(Excerpts from a dataset)
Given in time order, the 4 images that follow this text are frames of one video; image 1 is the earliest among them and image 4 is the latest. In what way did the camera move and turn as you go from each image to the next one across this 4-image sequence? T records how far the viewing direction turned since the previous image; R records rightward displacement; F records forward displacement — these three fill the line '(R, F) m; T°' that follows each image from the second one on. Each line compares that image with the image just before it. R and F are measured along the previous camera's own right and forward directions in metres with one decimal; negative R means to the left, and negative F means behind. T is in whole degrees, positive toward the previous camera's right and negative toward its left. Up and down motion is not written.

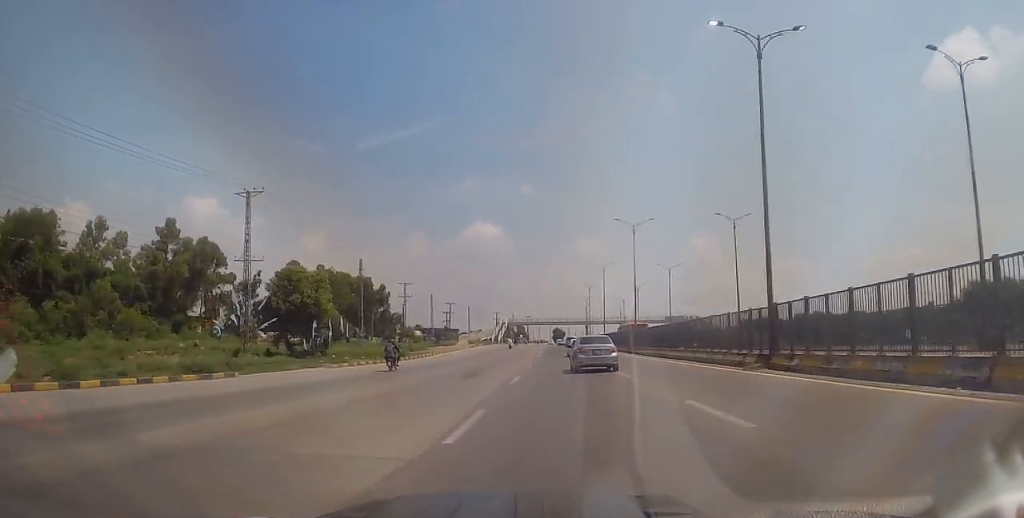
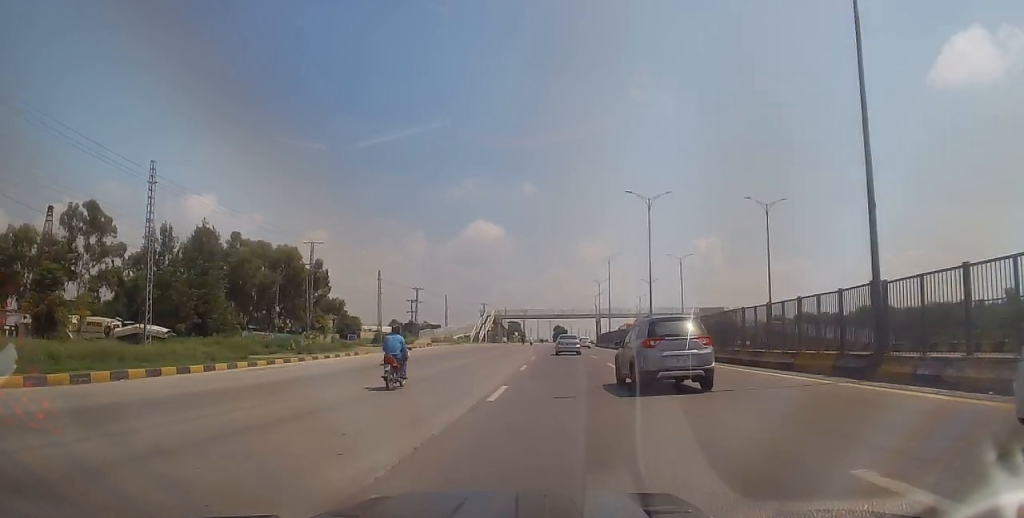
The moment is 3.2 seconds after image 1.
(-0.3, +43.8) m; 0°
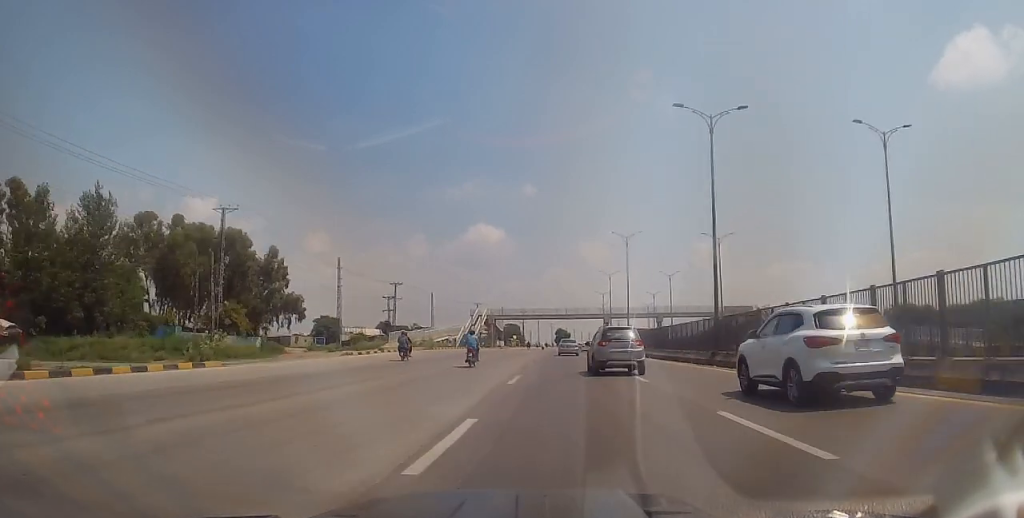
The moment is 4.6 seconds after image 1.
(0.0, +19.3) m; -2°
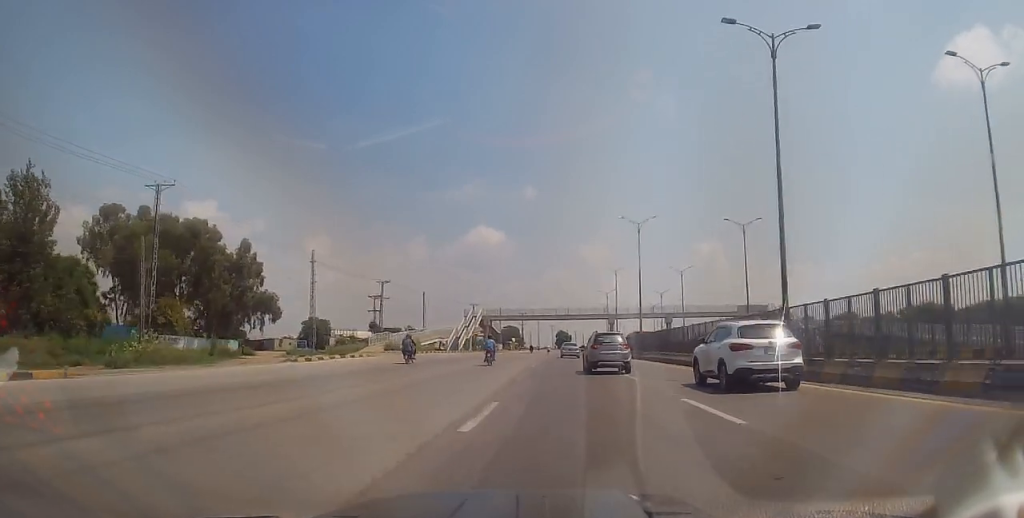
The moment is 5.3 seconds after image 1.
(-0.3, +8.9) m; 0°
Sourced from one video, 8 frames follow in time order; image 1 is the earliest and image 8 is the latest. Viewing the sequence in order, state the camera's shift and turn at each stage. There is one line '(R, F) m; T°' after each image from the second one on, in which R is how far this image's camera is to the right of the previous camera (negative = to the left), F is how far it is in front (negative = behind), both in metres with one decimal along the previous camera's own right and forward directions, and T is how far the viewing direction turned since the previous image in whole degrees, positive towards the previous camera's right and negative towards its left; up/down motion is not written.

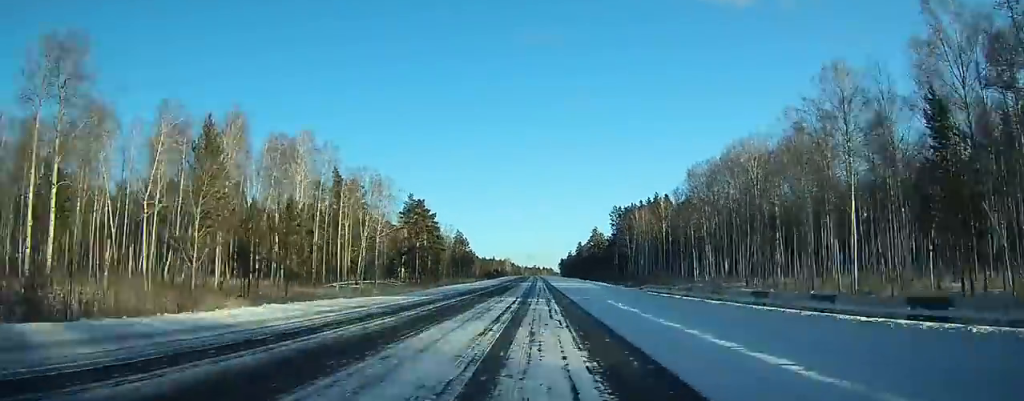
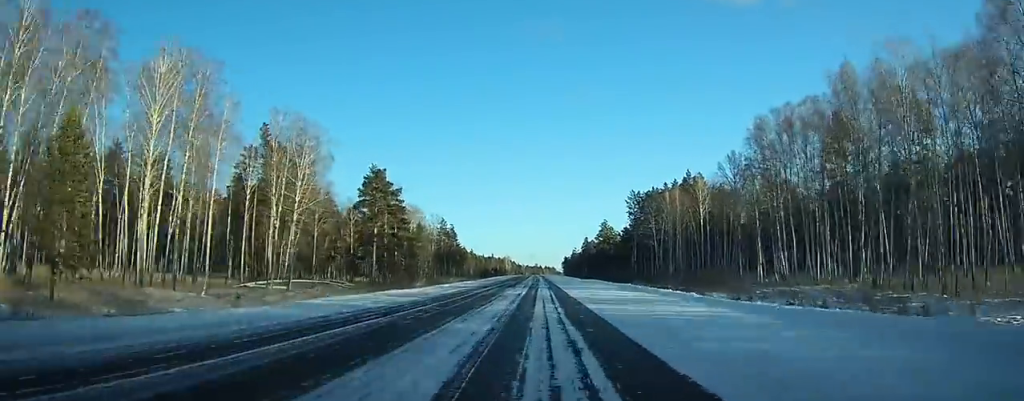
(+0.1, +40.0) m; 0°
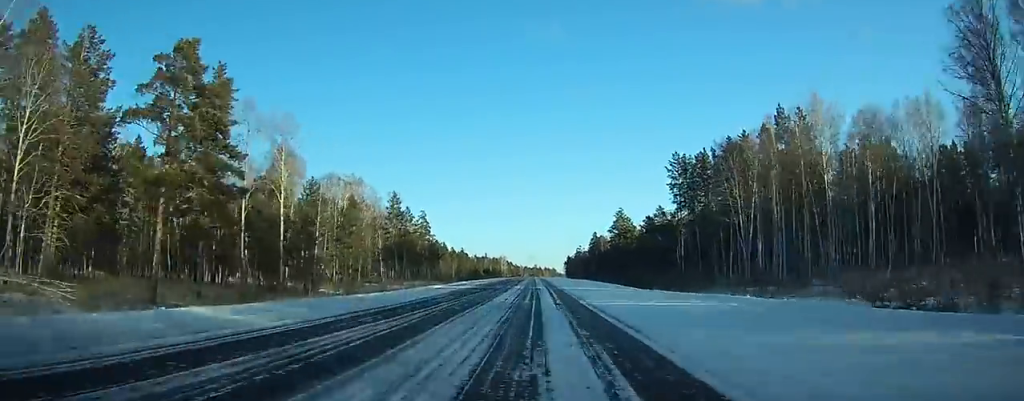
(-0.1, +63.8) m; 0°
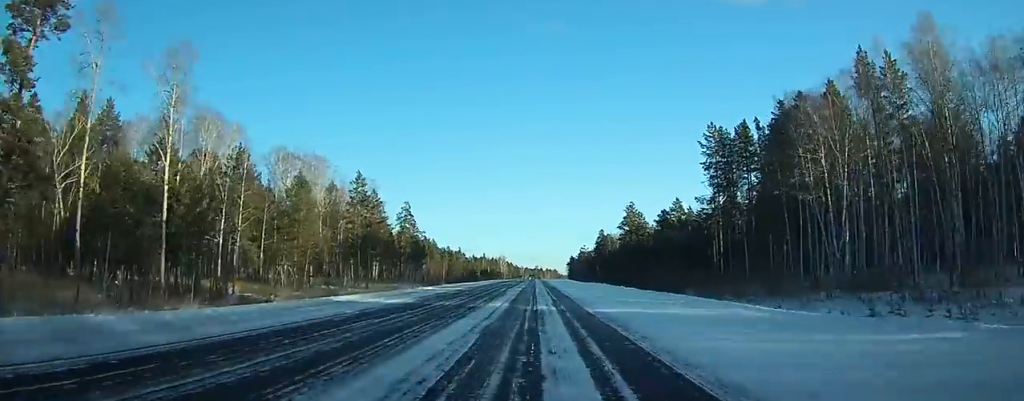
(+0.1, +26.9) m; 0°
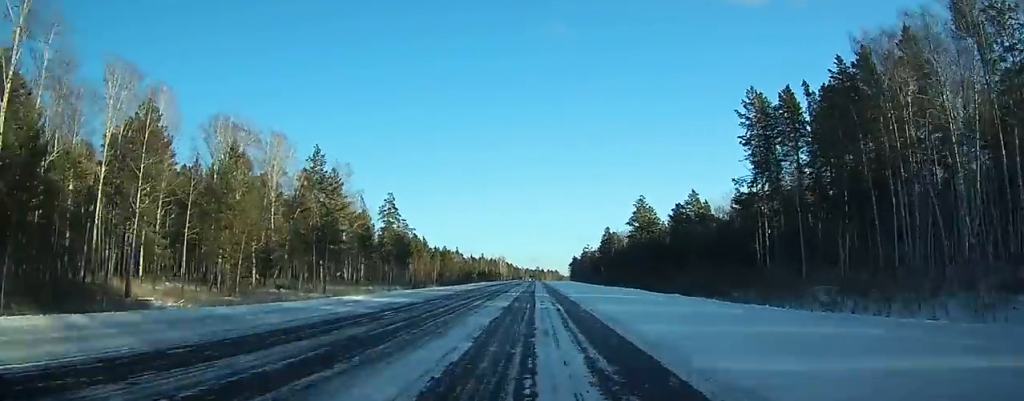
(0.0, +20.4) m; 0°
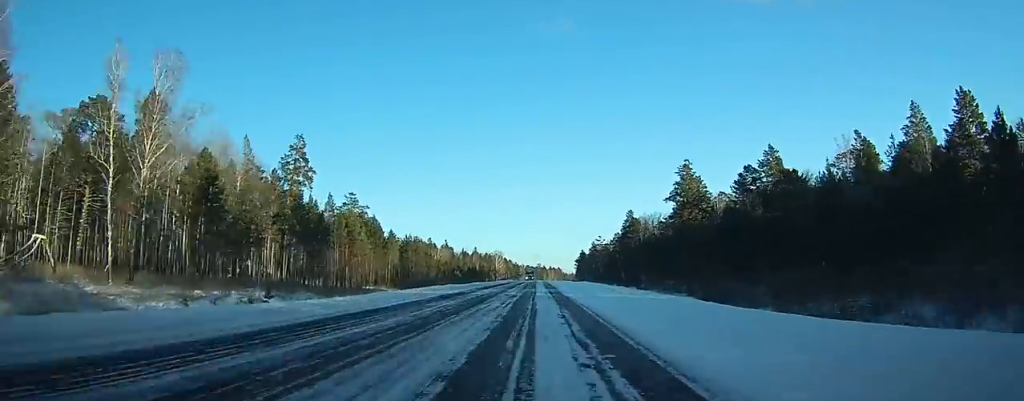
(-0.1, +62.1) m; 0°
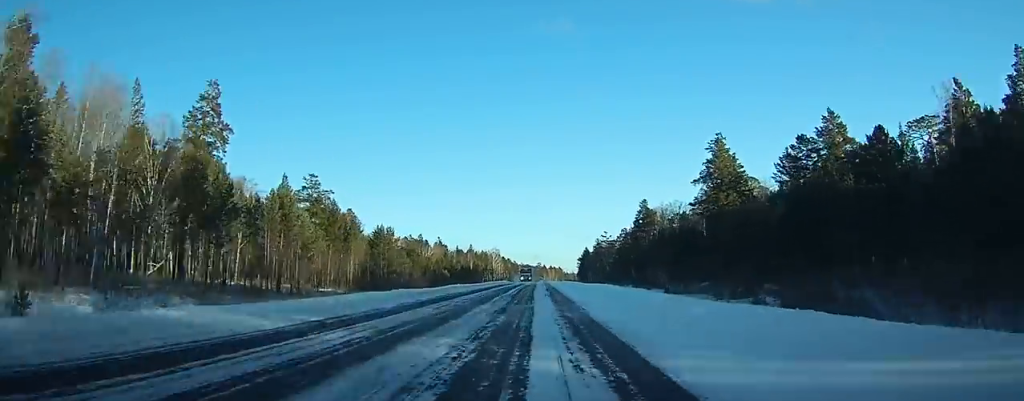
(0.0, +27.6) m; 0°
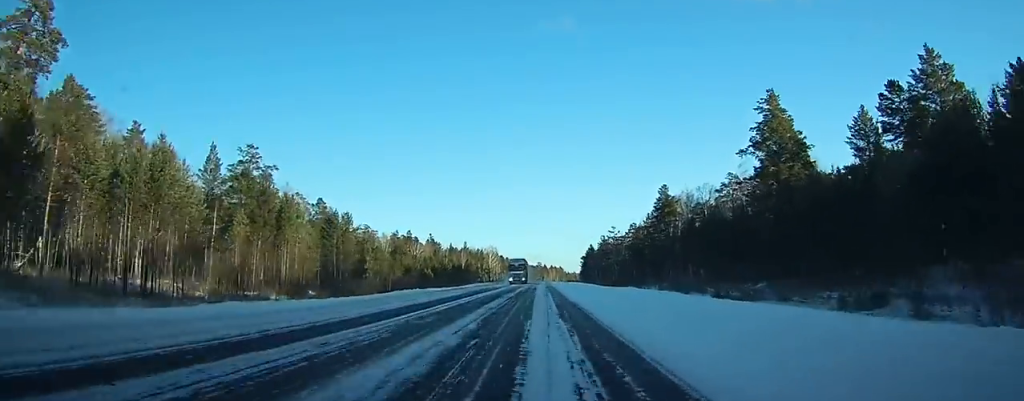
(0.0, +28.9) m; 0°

→ **TASK DETAILS**
A word-for-word copy of the records is needed, one that contains no pictures.

→ **SOLUTION BELOW**
Given in time order, the 4 images that follow this text are frames of one video; image 1 is the earliest among them and image 4 is the latest. In what way did the camera move and turn as you go from each image to the next one across this 4-image sequence? T records how far the viewing direction turned since the previous image; R records rightward displacement; F records forward displacement — these three fill the line '(R, F) m; T°' that follows each image from the second one on. Each line compares that image with the image just before it. R and F are measured along the previous camera's own right and forward directions in metres with one decimal; negative R means to the left, and negative F means behind. T is in whole degrees, positive toward the previous camera's right and negative toward its left. Up and down motion is not written.

The moment is 3.2 seconds after image 1.
(-0.3, +43.8) m; 0°
The moment is 4.6 seconds after image 1.
(0.0, +19.3) m; -2°
The moment is 5.3 seconds after image 1.
(-0.3, +8.9) m; 0°
Sourced from one video, 8 frames follow in time order; image 1 is the earliest and image 8 is the latest. Viewing the sequence in order, state the camera's shift and turn at each stage. There is one line '(R, F) m; T°' after each image from the second one on, in which R is how far this image's camera is to the right of the previous camera (negative = to the left), F is how far it is in front (negative = behind), both in metres with one decimal along the previous camera's own right and forward directions, and T is how far the viewing direction turned since the previous image in whole degrees, positive towards the previous camera's right and negative towards its left; up/down motion is not written.

(+0.1, +40.0) m; 0°
(-0.1, +63.8) m; 0°
(+0.1, +26.9) m; 0°
(0.0, +20.4) m; 0°
(-0.1, +62.1) m; 0°
(0.0, +27.6) m; 0°
(0.0, +28.9) m; 0°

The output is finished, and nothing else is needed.